Evaluating Human-AI Safety: A Framework for Measuring Harmful Capability Uplift
A new paper argues AI safety should measure how much a model increases a user's ability to cause harm.
A team of researchers from MIT and Google has published a position paper titled 'Evaluating Human-AI Safety: A Framework for Measuring Harmful Capability Uplift' on arXiv. The authors—Michelle Vaccaro, Jaeyoon Song, Abdullah Almaatouq, and Michiel A. Bakker—argue that current frontier AI safety evaluations, which emphasize static benchmarks, third-party annotations, and red-teaming, are fundamentally incomplete. They propose shifting the focus to human-centered evaluations that specifically measure what they term 'harmful capability uplift.' This is defined as the marginal increase in a user's ability to cause harm when using a frontier model like GPT-4 or Claude 3, compared to what they could achieve with conventional tools like search engines or existing software.

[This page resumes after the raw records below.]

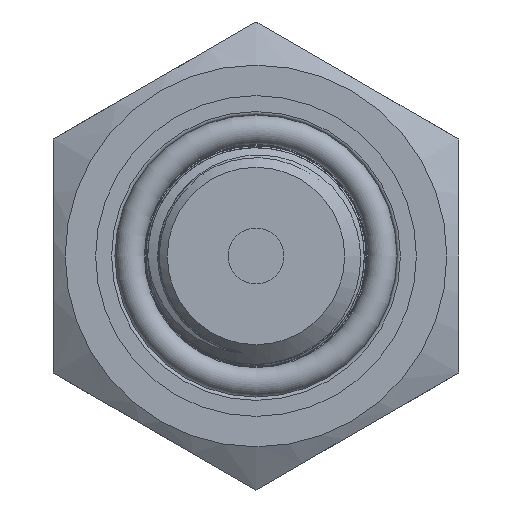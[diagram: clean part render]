
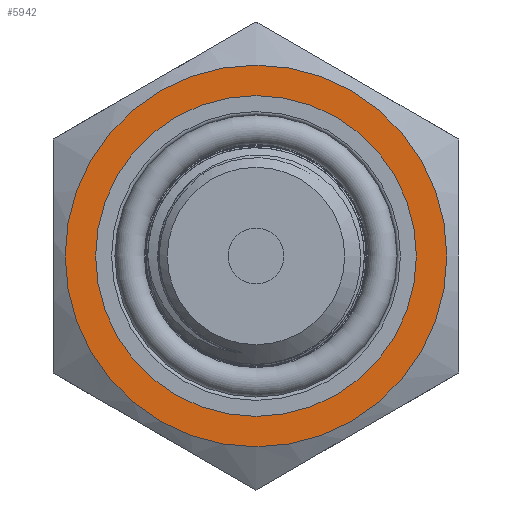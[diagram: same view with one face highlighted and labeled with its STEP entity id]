
A CAD part, left-side view. The second image highlights one B-rep face of the part: STEP entity #5942.
In plain terms, the highlighted planar face has unit normal (-1, 0, 0).
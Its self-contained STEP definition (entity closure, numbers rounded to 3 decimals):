
#99=PLANE('',#6135);
#123=FACE_BOUND('',#1035,.T.);
#684=FACE_OUTER_BOUND('',#1034,.T.);
#1034=EDGE_LOOP('',(#5196));
#1035=EDGE_LOOP('',(#5197));
#1131=CIRCLE('',#6114,11.3);
#1139=CIRCLE('',#6134,9.5);
#2801=VERTEX_POINT('',#13645);
#2826=VERTEX_POINT('',#17486);
#3650=EDGE_CURVE('',#2801,#2801,#1131,.T.);
#3694=EDGE_CURVE('',#2826,#2826,#1139,.T.);
#5196=ORIENTED_EDGE('',*,*,#3650,.T.);
#5197=ORIENTED_EDGE('',*,*,#3694,.T.);
#5942=ADVANCED_FACE('',(#684,#123),#99,.T.);
#6114=AXIS2_PLACEMENT_3D('',#13646,#6668,#6669);
#6134=AXIS2_PLACEMENT_3D('',#17487,#6716,#6717);
#6135=AXIS2_PLACEMENT_3D('',#17489,#6719,#6720);
#6668=DIRECTION('center_axis',(-1.,0.,0.));
#6669=DIRECTION('ref_axis',(0.,1.,0.));
#6716=DIRECTION('center_axis',(1.,0.,0.));
#6717=DIRECTION('ref_axis',(0.,0.,-1.));
#6719=DIRECTION('center_axis',(-1.,0.,0.));
#6720=DIRECTION('ref_axis',(0.,0.,1.));
#13645=CARTESIAN_POINT('',(14.,-11.3,0.));
#13646=CARTESIAN_POINT('Origin',(14.,0.,0.));
#17486=CARTESIAN_POINT('',(14.,-9.5,0.));
#17487=CARTESIAN_POINT('Origin',(14.,0.,0.));
#17489=CARTESIAN_POINT('Origin',(14.,12.,0.));
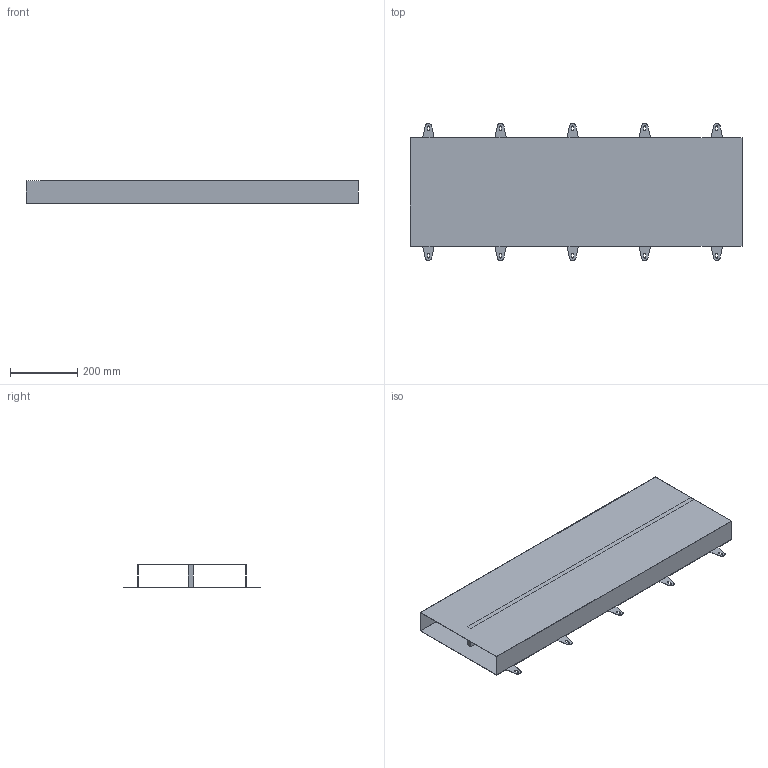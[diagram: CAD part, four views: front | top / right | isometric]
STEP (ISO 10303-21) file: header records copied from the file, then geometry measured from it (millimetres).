
FILE_DESCRIPTION(('Creo Elements/Direct Modeling STEP Export'),'2;1');
FILE_NAME('0093.0089_duoLEV_3D-CAD-IGS.igs.stp','2017-04-10T15:25:46',(''),(''),'PTC Creo Elements/Direct Modeling STEP processor for AP214 (Solid Model)','PTC Creo Elements/Direct Modeling 19.0C 15-Aug-2015 (C) Parametric Technology GmbH','');
FILE_SCHEMA(('AUTOMOTIVE_DESIGN { 1 0 10303 214 1 1 1 1 }'));
Length unit declared in the file: millimetre
Products named in the file (1): 0093.0089
Bounding box: 990 x 408.97 x 68 mm (x, y, z)
Volume: 1712670.2 mm3; surface area: 1660809.9 mm2
Topology: 1 solids, 1 shells, 94 faces, 276 edges, 184 vertices
Faces by surface type: plane 64, cylinder 30
Entity records: 3108 total; most frequent: ORIENTED_EDGE 552, CARTESIAN_POINT 537, DIRECTION 498, EDGE_CURVE 276, VECTOR 208, LINE 208, VERTEX_POINT 184, AXIS2_PLACEMENT_3D 145
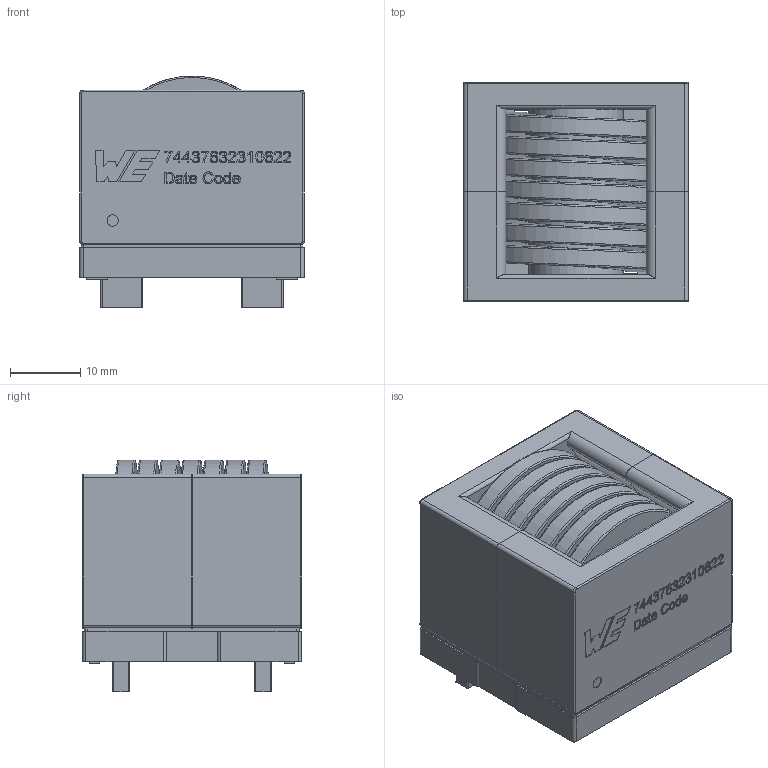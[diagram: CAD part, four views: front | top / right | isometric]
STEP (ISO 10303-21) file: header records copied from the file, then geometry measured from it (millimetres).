
FILE_DESCRIPTION(/* description */ ('Unknown'),/* implementation_level */ '2;1');
FILE_NAME(/* name */ '74437632310622',/* time_stamp */ '2024-08-19T11:48:15+08:00',/* author */ ('Unknown'),/* organization */ ('Unknown'),/* preprocessor_version */ 'ST-DEVELOPER v19.4',/* originating_system */ 'Solid Edge',/* authorisation */ 'Unknown');
FILE_SCHEMA (('AUTOMOTIVE_DESIGN {1 0 10303 214 3 1 1}'));
Length unit declared in the file: millimetre
Products named in the file (6): 74437632310622; Base; Coil_0622_2.5; Core_B2; Core_F2; Glue
Assembly tree (5 placements, depth 2):
  74437632310622
    Base
    Coil_0622_2.5
    Core_B2
    Core_F2
    Glue
Bounding box: 32 x 31.2 x 33 mm (x, y, z)
Volume: 22509.8 mm3; surface area: 18879.8 mm2
Topology: 5 solids, 5 shells, 436 faces, 1117 edges, 734 vertices
Faces by surface type: plane 250, bspline 98, cylinder 80, torus 8
Full cylindrical faces by diameter (mm): 1.606 x1, 13.5 x2
Entity records: 35317 total; most frequent: CARTESIAN_POINT 23323, ORIENTED_EDGE 2214, DIRECTION 1499, EDGE_CURVE 1107, VERTEX_POINT 734, LINE 535, VECTOR 535, EDGE_LOOP 505

The paper grounds this concept in prior social science research and provides concrete methodological guidance for its systematic measurement. The authors contend that this metric is crucial because it directly assesses the real-world risk amplification posed by powerful AI systems, rather than just their intrinsic capabilities in a vacuum. They conclude with actionable steps for AI developers, safety researchers, funders, and regulators to make harmful capability uplift evaluation a standard practice in the industry. This represents a significant shift in thinking, moving safety assessment from a model-centric to a human-in-the-loop paradigm.
- Proposes 'harmful capability uplift' as a core AI safety metric, measuring the marginal increase in a user's harmful ability.
- Critiques current methods like static benchmarks and red-teaming as insufficient for assessing real-world risk.
- Provides concrete methodological guidance and calls for adoption by developers, researchers, funders, and regulators.
Why It Matters
This could fundamentally change how AI safety is tested, focusing on real-world risk amplification instead of abstract benchmarks.